А через пару лет, когда в профессиональной жизни уже заместителя главного врача по акушерству и гинекологии одной из московских ГКБ Алёны Дмитриевны Соловецкой случилось невесёлое, она решила, что пора что-то изменить. Она могла бы постараться и выкрутиться, и остаться начмедом – и так далее, и так далее, и так далее. Но если прозвенел звонок – иногда надо поднять трубку и ответить. Мегаполис Алёне давно надоел. Надоела работа. Да, даже работа надоела. Точнее, не сама работа, а атмосфера на работе. Надоели коллеги, надоела бесконечная ответственность, надоели так называемые подруги и приятельницы, сочувствующие Алёне Дмитриевне, завидующие Алёне Дмитриевне и осуждающие образ жизни Алёны Дмитриевны.

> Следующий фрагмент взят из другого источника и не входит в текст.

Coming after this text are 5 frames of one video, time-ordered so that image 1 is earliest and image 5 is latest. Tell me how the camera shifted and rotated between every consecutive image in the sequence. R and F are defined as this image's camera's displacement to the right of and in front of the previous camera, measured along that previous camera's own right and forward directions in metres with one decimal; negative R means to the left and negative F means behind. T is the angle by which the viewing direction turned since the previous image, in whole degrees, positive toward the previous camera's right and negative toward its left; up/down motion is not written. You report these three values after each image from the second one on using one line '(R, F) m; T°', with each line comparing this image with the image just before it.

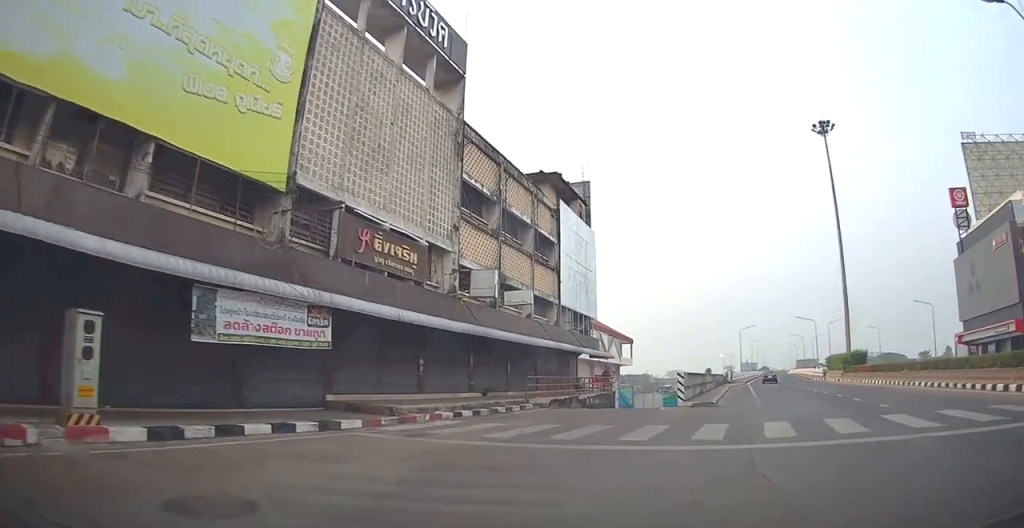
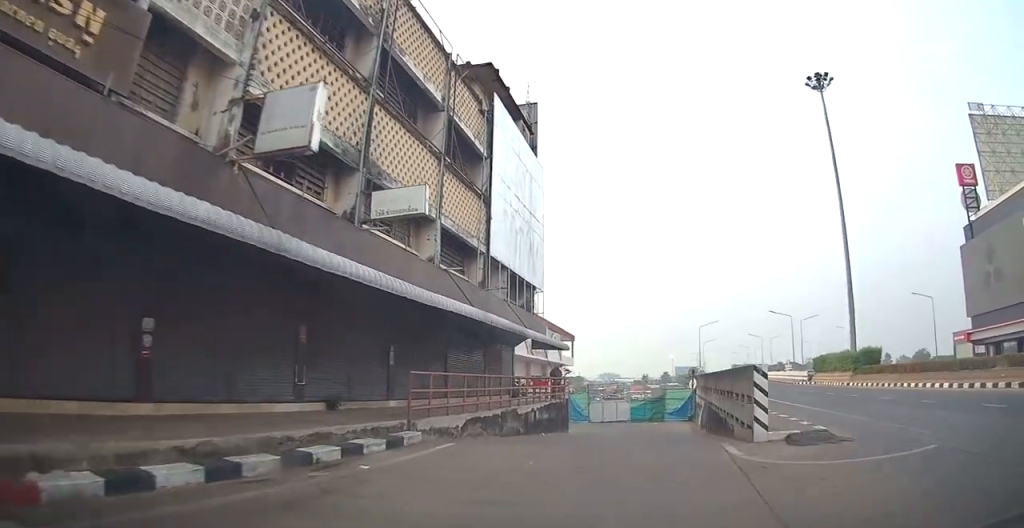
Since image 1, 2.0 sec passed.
(+0.5, +10.9) m; +10°
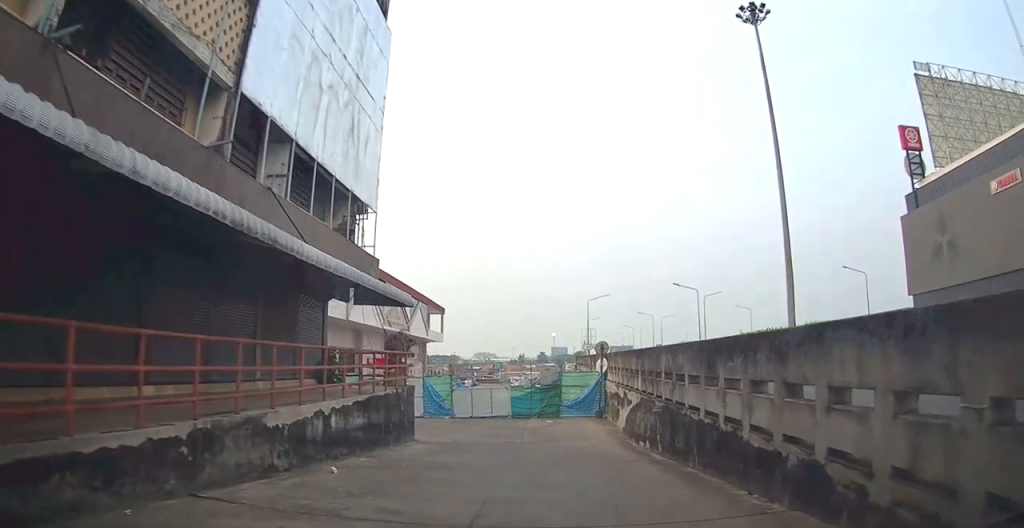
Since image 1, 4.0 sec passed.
(+1.5, +8.2) m; +14°
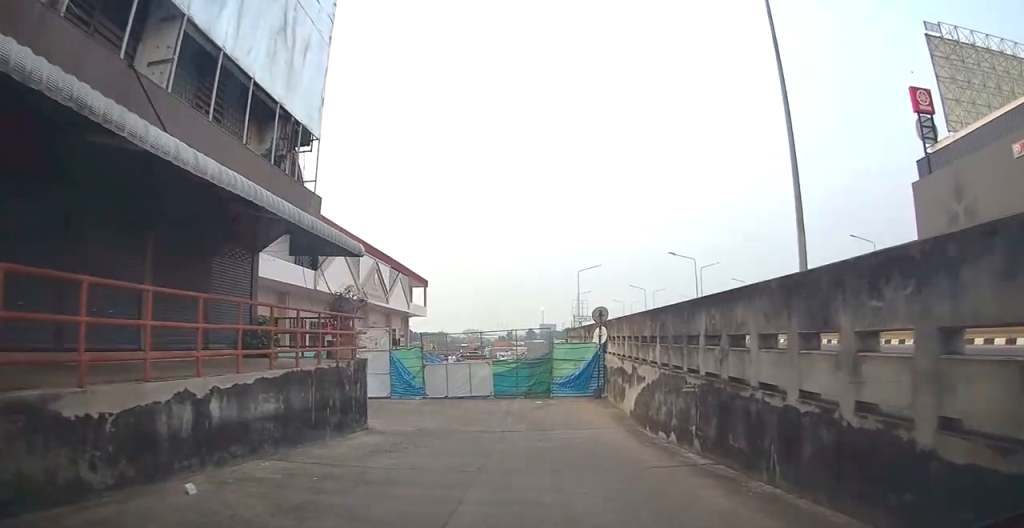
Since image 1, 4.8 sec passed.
(0.0, +2.9) m; -1°
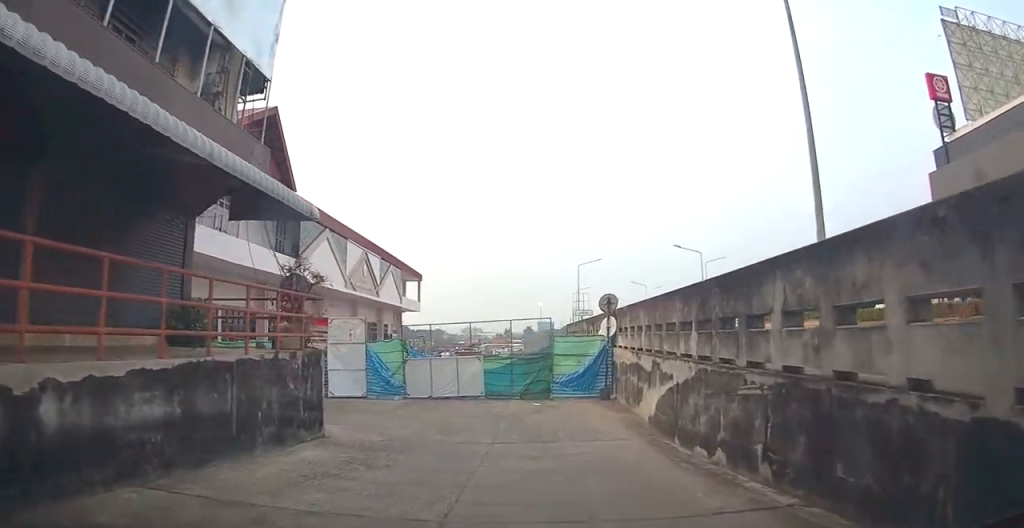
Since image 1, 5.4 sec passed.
(0.0, +2.1) m; -3°

«В нравах дамы города N. были строги, исполнены благородного негодования противу всего порочного и всяких соблазнов, казнили без всякой пощады всякие слабости. Если же между ими и происходило какое-нибудь то, что называют другое-третье, то оно происходило втайне, так что не было подаваемо никакого вида, что происходило; сохранялось всё достоинство, и самый муж так был приготовлен, что если и видел другое-третье или слышал о нём, то отвечал коротко и благоразумно пословицею: “Кому какое дело, что кума с кумом сидела?”»
Но до Алёны Дмитриевны было дело всей больнице. Надоел Алёне Дмитриевне и вялотекущий роман с тем самым «пятилетним» богатым дядей. Замуж она за дядю не хотела. Дядя, что правда, и не предлагал. У богатого дяди были жена и дети. Это что, тоже карма? Впрочем, даже если бы этот богатый дядя был одинок, как отрубленный перст, Алёна Дмитриевна всё равно бы не хотела за него замуж. Потому что кожезаменитель. Да и вообще, она уже привыкла жить одна. Она вообще была одиночкой. Даже любимая дочь была просто любимая дочь. Их жизни были рядом, но жизни были разные. Дочь окончила школу и пошла учиться дальше. Поэтому Алёна поднапряглась, продала бабушкину трёшку и купила в этом же подъезде двушку, оформив квартиру на дочь. Добавила к образовавшейся сумме немногие сбережения и купила себе приличный двухэтажный коттеджик с очень ухоженным участком, нечаянно построенный каким-то архитектором «для себя» в глуши, но для себя так и не пригодившийся. Всегда в этой жизни есть место времени, когда чьё-то «для себя» оказывается ему совершенно не к лицу, а тебе как раз впору.
Один только Семён Петрович Соколов никогда и ни за что не осуждал Алёну Дмитриевну Соловецкую. Но виделись они редко. Раз в год Сеня непременно заскакивал с матами-перематами и кучей подарков наперевес – поздравить с днём рождения Алёнину дочь. Последние десять лет он порывался Алёну познакомить с каким-то «обалденным мужиком».
– Тут, типа, такая, значит, тема, Алёнка! Мужик, бля буду, высший класс! Я тебе говорю, он тебе в натуре понравится – ты охуеешь!
– Сеня! Ну когда же ты уже перестанешь сквернословить?! Сколько можно! И не хочу я ни с кем знакомиться. Если что-то моё должно быть со мной – оно будет со мной, так или иначе.
– Вот, знаешь! На случай надейся, а сам не плошай! И я тебе ещё не простил, что ты ко мне на свадьбу не пришла!
– Сеня. Я не могла, я дежурила!
– Отмазки не канают! Ты могла поменяться!
Разумеется, Алёна Дмитриевна могла поменяться. Но она не захотела. Она не захотела быть на свадьбе у Сени. Чтобы его невеста не почувствовала себя… Не почувствовала себя не невестой. Уже позже, познакомившись с Олесей, она поняла, что её опасения были лишними. Олеся Александровна была очень умной женщиной. Но кто же тогда это знал?